**Information:**
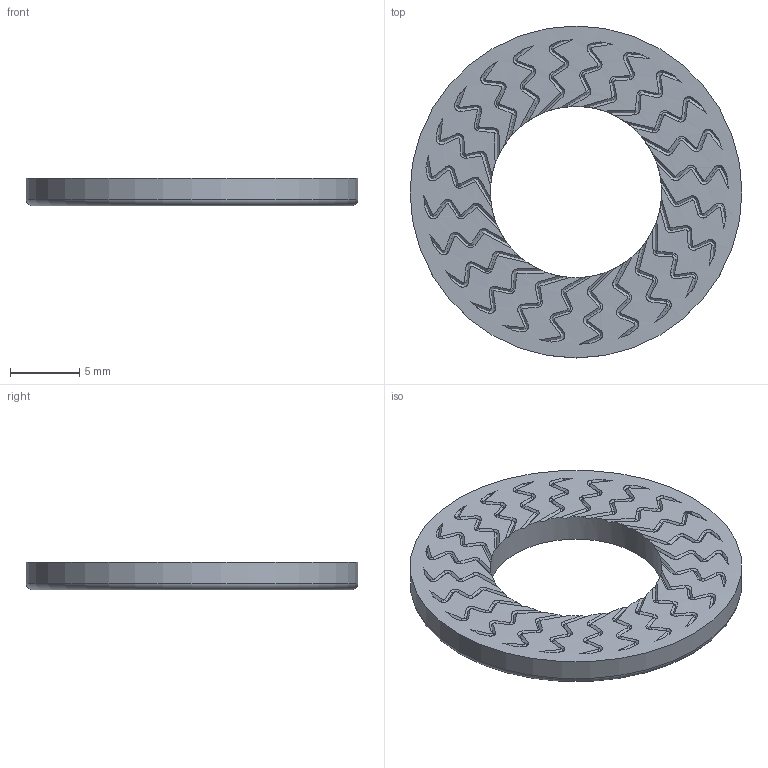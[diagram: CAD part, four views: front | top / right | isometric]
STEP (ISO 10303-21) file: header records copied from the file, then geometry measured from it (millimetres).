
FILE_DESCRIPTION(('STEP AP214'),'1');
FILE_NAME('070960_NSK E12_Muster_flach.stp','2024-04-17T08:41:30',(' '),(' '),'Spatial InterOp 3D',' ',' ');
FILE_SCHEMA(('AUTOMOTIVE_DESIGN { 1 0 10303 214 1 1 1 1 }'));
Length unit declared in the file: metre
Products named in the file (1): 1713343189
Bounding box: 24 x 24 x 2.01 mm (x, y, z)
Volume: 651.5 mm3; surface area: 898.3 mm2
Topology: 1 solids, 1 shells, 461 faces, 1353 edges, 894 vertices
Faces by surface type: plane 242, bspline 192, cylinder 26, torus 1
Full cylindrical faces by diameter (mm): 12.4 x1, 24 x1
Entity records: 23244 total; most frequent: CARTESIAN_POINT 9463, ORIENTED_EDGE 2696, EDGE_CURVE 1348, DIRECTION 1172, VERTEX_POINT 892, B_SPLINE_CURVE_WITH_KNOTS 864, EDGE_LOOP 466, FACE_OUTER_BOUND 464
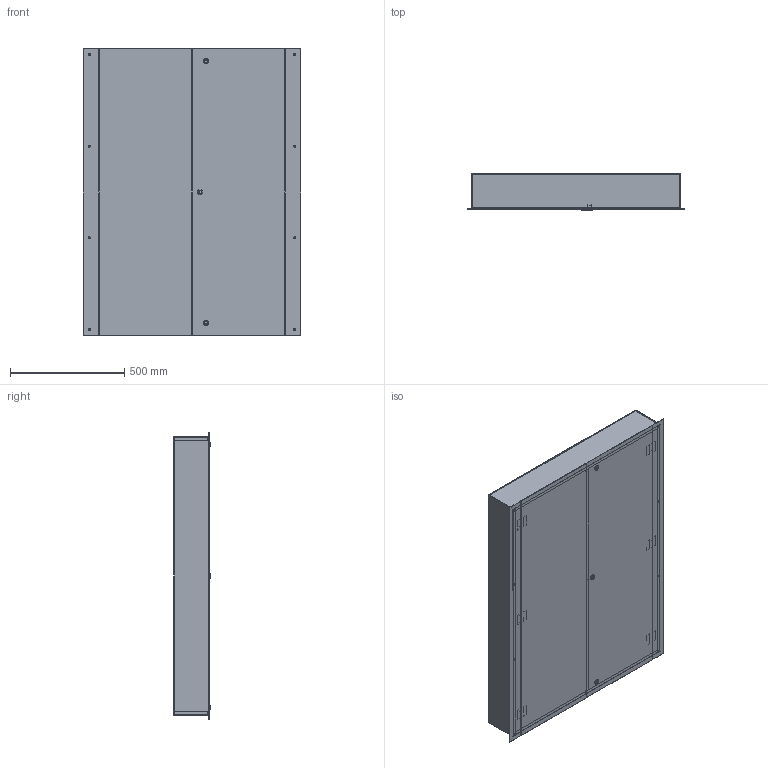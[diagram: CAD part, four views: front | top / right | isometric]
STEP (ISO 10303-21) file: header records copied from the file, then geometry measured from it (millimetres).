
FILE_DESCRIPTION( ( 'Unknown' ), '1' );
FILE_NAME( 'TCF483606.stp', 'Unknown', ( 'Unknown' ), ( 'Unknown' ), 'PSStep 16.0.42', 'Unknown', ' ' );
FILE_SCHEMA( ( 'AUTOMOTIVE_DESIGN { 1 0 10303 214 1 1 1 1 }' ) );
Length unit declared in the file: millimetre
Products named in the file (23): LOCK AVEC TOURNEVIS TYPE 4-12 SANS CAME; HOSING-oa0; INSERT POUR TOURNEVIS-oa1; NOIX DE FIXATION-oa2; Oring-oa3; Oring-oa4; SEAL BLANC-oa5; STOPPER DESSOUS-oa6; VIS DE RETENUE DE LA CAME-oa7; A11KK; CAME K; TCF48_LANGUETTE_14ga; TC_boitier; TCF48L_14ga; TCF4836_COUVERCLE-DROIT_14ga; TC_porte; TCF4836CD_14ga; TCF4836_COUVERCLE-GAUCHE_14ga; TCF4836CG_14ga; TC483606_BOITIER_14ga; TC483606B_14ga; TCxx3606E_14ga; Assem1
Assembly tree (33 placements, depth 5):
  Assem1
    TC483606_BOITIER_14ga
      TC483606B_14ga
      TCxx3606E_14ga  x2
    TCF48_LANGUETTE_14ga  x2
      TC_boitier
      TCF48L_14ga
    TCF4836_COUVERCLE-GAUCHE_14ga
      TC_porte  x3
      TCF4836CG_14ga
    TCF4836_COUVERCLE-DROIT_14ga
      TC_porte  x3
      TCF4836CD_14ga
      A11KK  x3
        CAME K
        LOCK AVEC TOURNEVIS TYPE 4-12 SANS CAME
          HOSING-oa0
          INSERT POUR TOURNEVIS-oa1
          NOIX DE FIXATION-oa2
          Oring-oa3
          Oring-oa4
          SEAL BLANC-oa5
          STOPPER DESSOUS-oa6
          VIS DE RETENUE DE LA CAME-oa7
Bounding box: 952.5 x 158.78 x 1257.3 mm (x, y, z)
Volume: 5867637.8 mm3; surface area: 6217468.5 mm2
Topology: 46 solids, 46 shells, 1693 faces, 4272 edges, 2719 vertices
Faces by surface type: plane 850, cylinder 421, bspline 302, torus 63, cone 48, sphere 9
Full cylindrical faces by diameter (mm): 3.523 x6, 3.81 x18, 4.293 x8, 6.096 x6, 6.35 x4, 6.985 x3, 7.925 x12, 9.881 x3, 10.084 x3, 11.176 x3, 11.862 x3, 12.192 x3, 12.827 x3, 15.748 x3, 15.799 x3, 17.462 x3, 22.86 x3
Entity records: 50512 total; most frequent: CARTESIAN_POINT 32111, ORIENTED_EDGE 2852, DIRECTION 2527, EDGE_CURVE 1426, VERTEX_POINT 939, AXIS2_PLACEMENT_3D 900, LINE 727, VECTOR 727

**What needs to be done:** Nothing but the lines from the top of the data above through the line containing "Entity records: 23244" should be output, exactly as written and without the pictures.

**Output for this exercise:**
[diagram: CAD part, four views: front | top / right | isometric]
STEP (ISO 10303-21) file: header records copied from the file, then geometry measured from it (millimetres).
FILE_DESCRIPTION(('STEP AP214'),'1');
FILE_NAME('070960_NSK E12_Muster_flach.stp','2024-04-17T08:41:30',(' '),(' '),'Spatial InterOp 3D',' ',' ');
FILE_SCHEMA(('AUTOMOTIVE_DESIGN { 1 0 10303 214 1 1 1 1 }'));
Length unit declared in the file: metre
Products named in the file (1): 1713343189
Bounding box: 24 x 24 x 2.01 mm (x, y, z)
Volume: 651.5 mm3; surface area: 898.3 mm2
Topology: 1 solids, 1 shells, 461 faces, 1353 edges, 894 vertices
Faces by surface type: plane 242, bspline 192, cylinder 26, torus 1
Full cylindrical faces by diameter (mm): 12.4 x1, 24 x1
Entity records: 23244 total; most frequent: CARTESIAN_POINT 9463, ORIENTED_EDGE 2696, EDGE_CURVE 1348, DIRECTION 1172, VERTEX_POINT 892, B_SPLINE_CURVE_WITH_KNOTS 864, EDGE_LOOP 466, FACE_OUTER_BOUND 464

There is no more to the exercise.